(Source data)
= = = = =

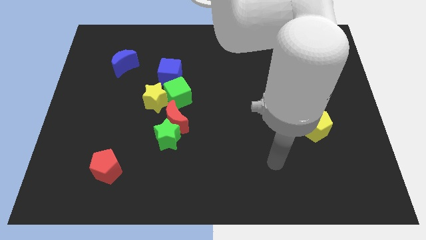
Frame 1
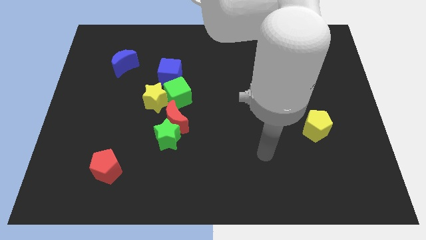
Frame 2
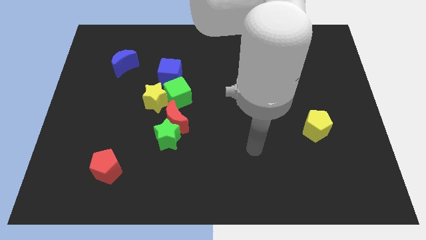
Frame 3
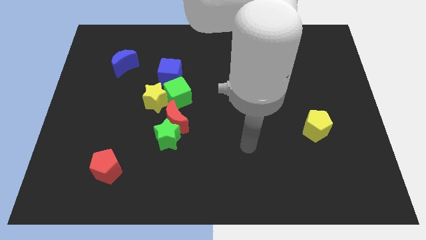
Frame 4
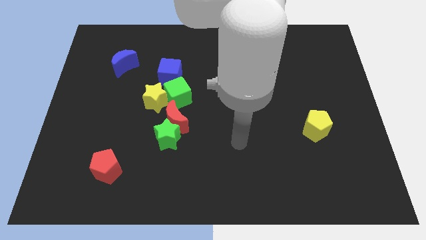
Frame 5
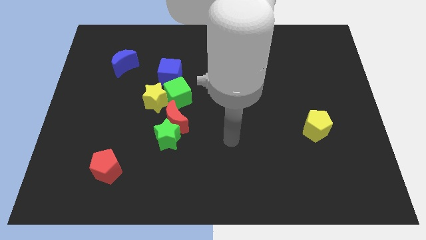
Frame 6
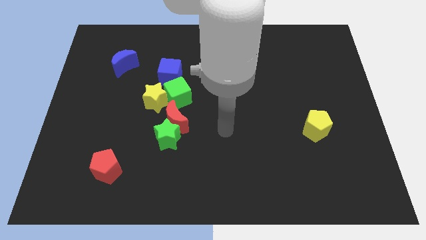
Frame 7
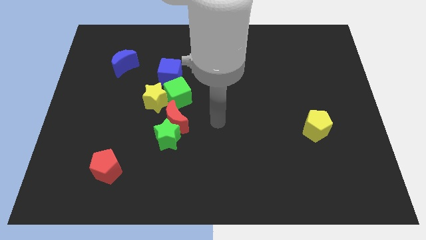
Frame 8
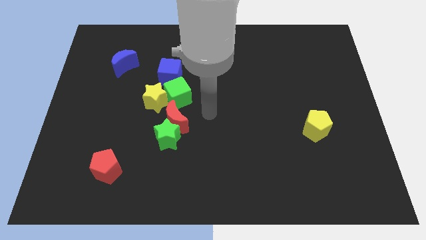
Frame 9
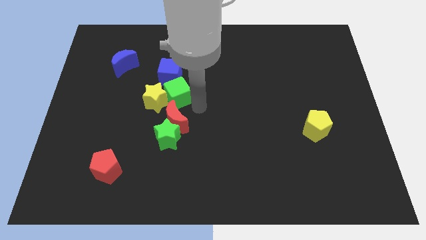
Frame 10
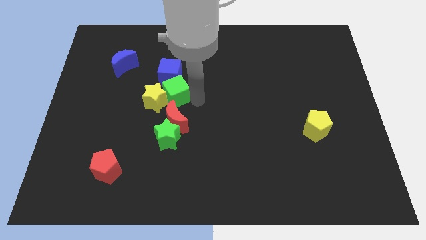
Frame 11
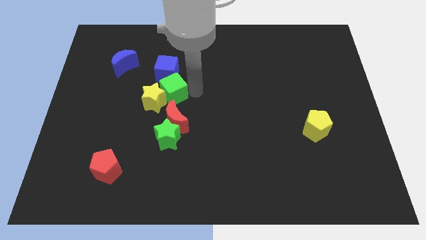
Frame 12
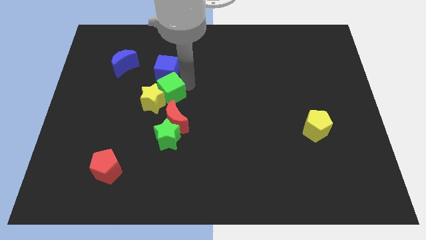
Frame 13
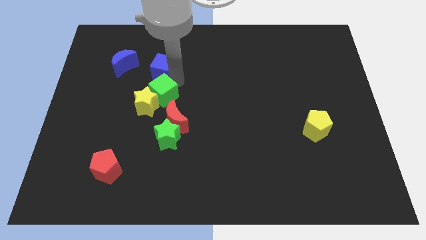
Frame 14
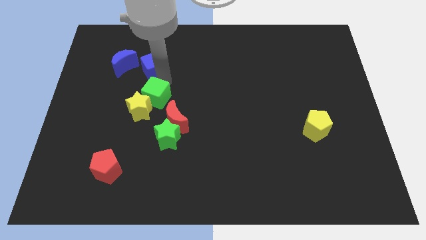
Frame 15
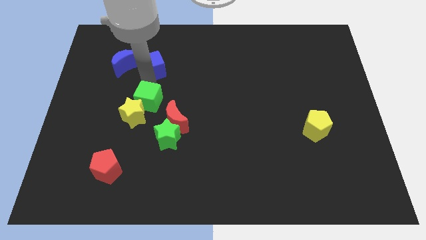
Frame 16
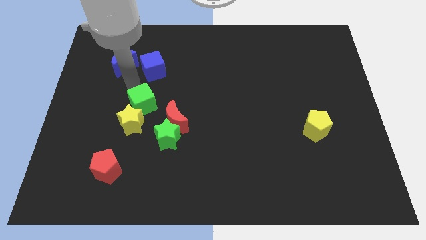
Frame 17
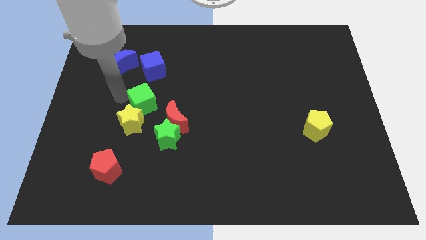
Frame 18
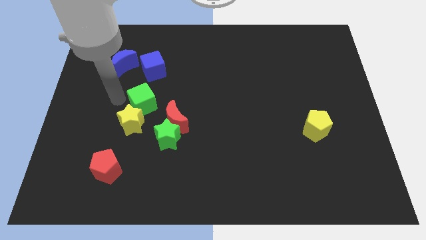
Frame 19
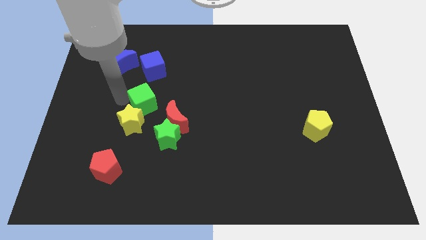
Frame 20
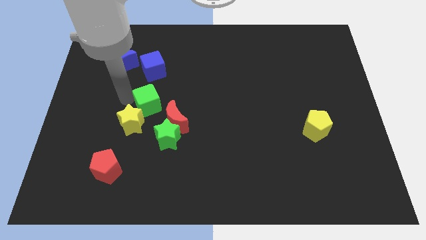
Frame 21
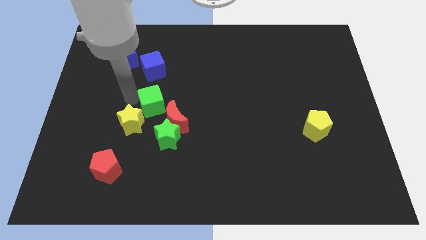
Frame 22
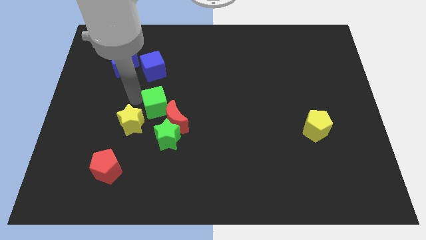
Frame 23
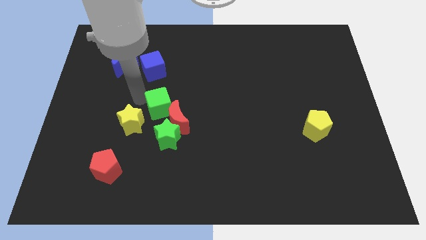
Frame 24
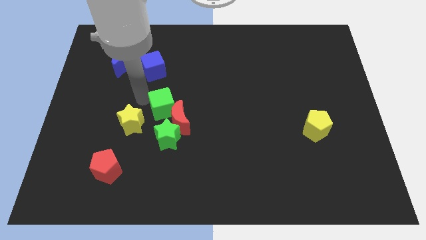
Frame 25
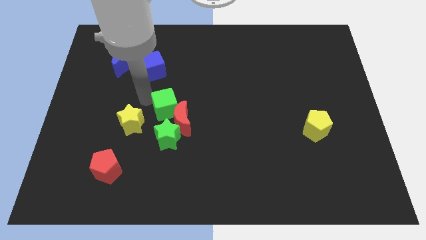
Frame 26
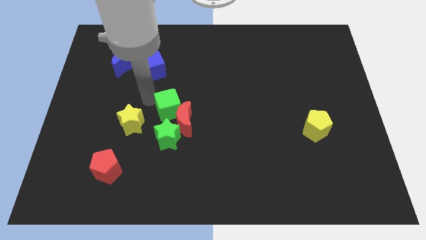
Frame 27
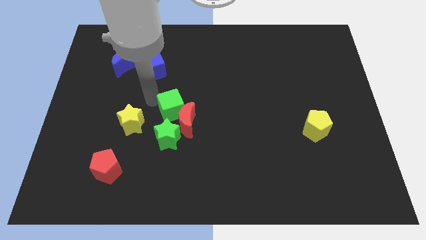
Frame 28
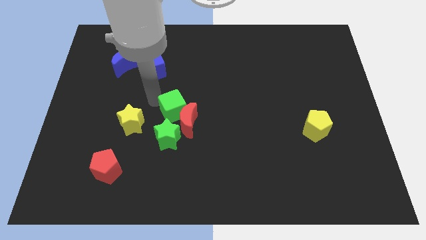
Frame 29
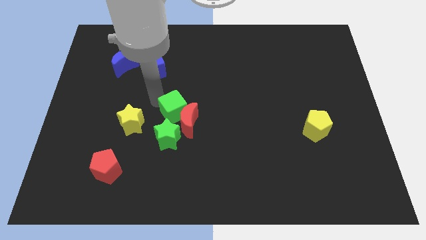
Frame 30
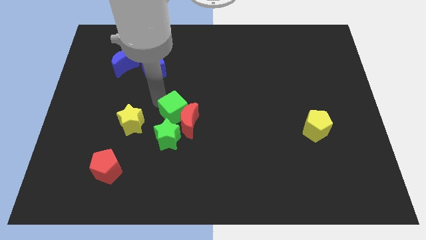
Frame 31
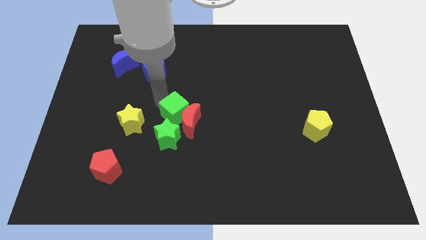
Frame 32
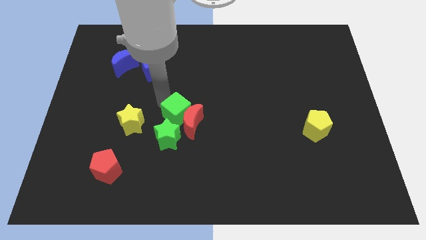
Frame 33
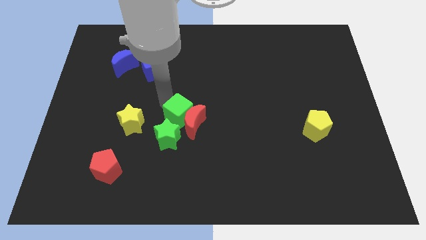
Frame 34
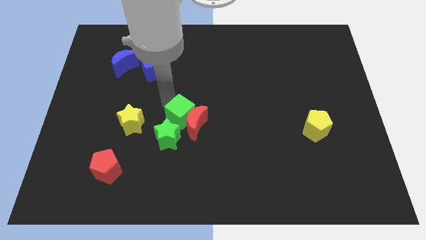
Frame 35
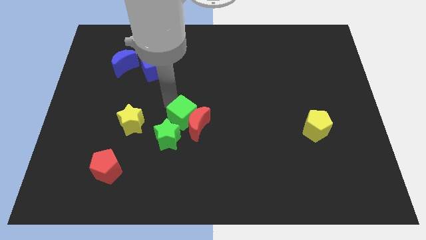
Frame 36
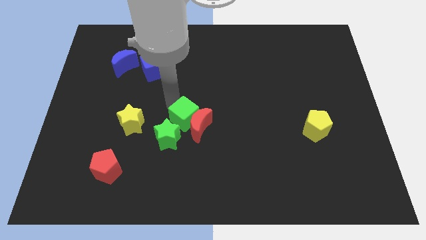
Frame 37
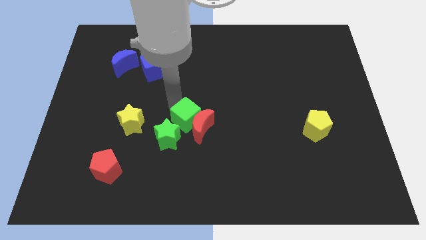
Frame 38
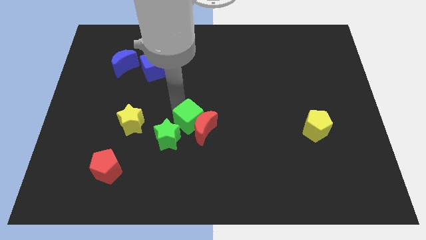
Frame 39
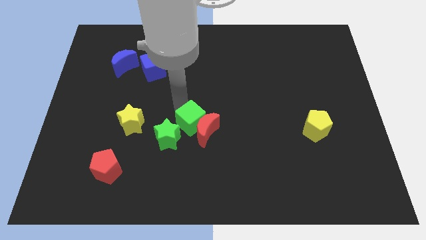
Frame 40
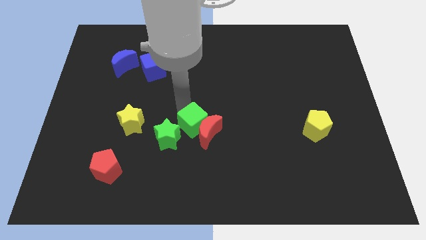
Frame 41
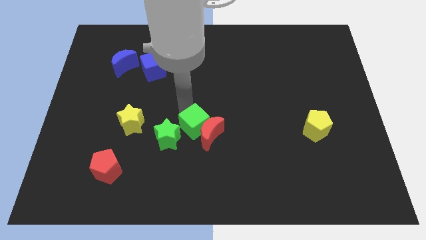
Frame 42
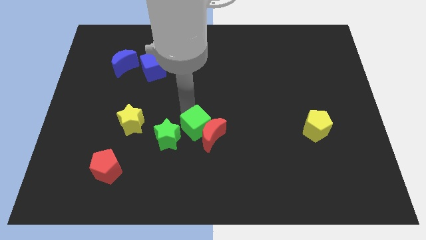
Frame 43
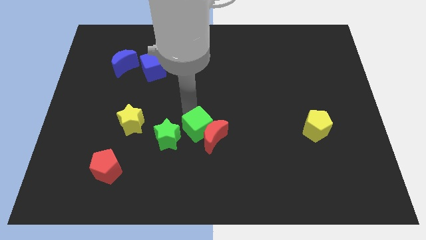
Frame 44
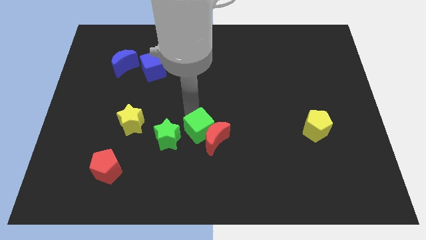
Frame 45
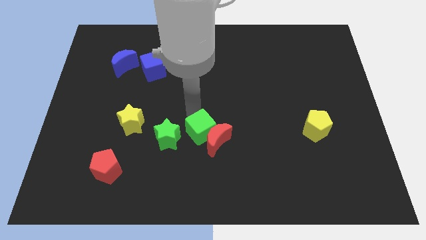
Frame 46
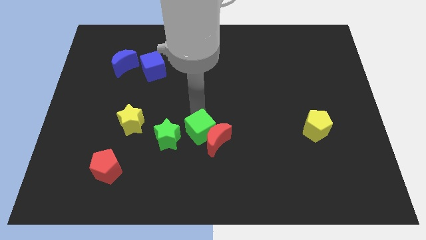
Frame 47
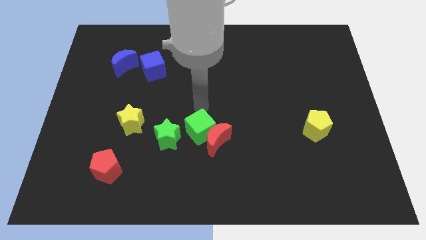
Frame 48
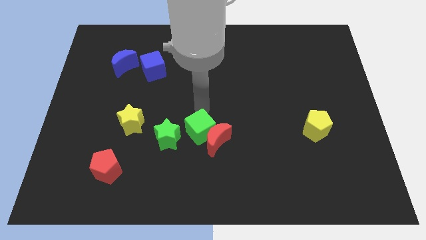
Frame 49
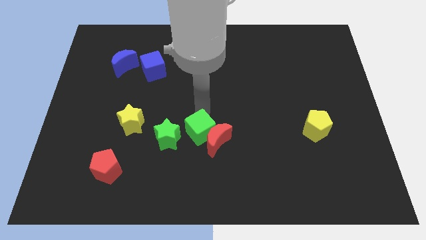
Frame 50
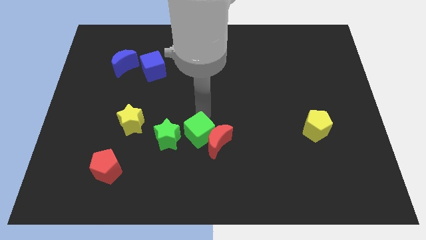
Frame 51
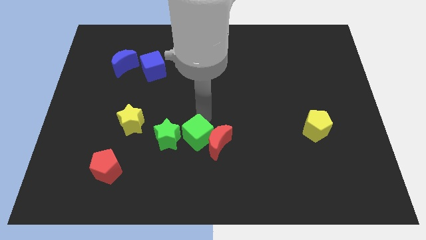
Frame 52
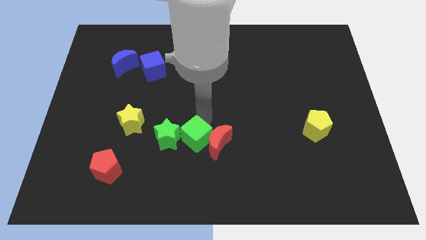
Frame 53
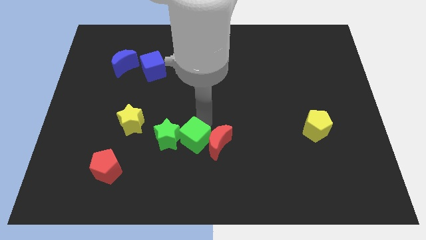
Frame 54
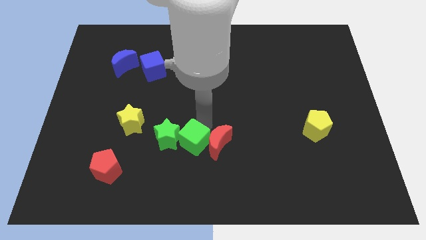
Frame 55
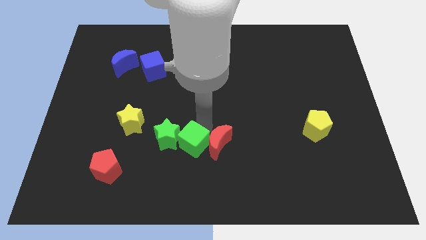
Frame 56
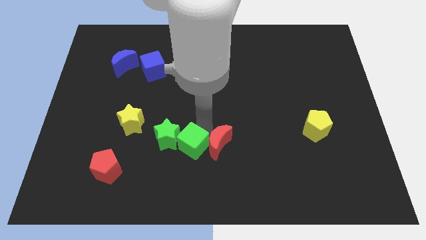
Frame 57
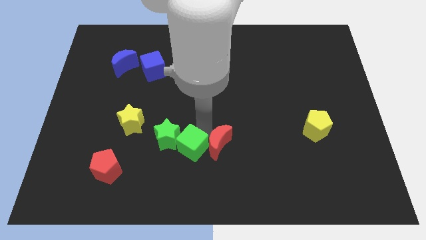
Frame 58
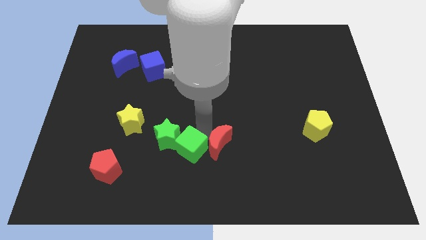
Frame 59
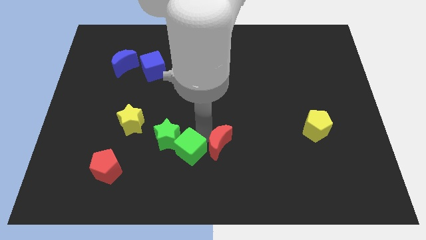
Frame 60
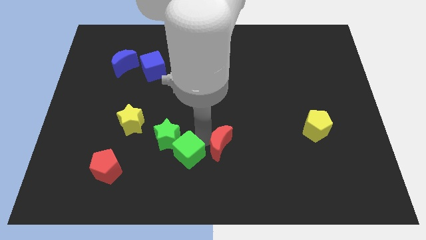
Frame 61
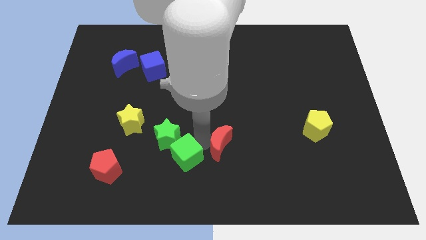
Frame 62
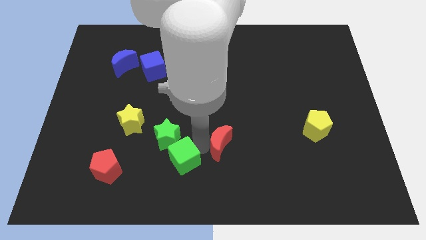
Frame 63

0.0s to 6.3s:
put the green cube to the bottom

= = = = =

▶ Exercise
Could you transcribe the records above exactly, leaving out any pictures?

▶ Solved exercise
Frame 1
Frame 2
Frame 3
Frame 4
Frame 5
Frame 6
Frame 7
Frame 8
Frame 9
Frame 10
Frame 11
Frame 12
Frame 13
Frame 14
Frame 15
Frame 16
Frame 17
Frame 18
Frame 19
Frame 20
Frame 21
Frame 22
Frame 23
Frame 24
Frame 25
Frame 26
Frame 27
Frame 28
Frame 29
Frame 30
Frame 31
Frame 32
Frame 33
Frame 34
Frame 35
Frame 36
Frame 37
Frame 38
Frame 39
Frame 40
Frame 41
Frame 42
Frame 43
Frame 44
Frame 45
Frame 46
Frame 47
Frame 48
Frame 49
Frame 50
Frame 51
Frame 52
Frame 53
Frame 54
Frame 55
Frame 56
Frame 57
Frame 58
Frame 59
Frame 60
Frame 61
Frame 62
Frame 63

0.0s to 6.3s:
put the green cube to the bottom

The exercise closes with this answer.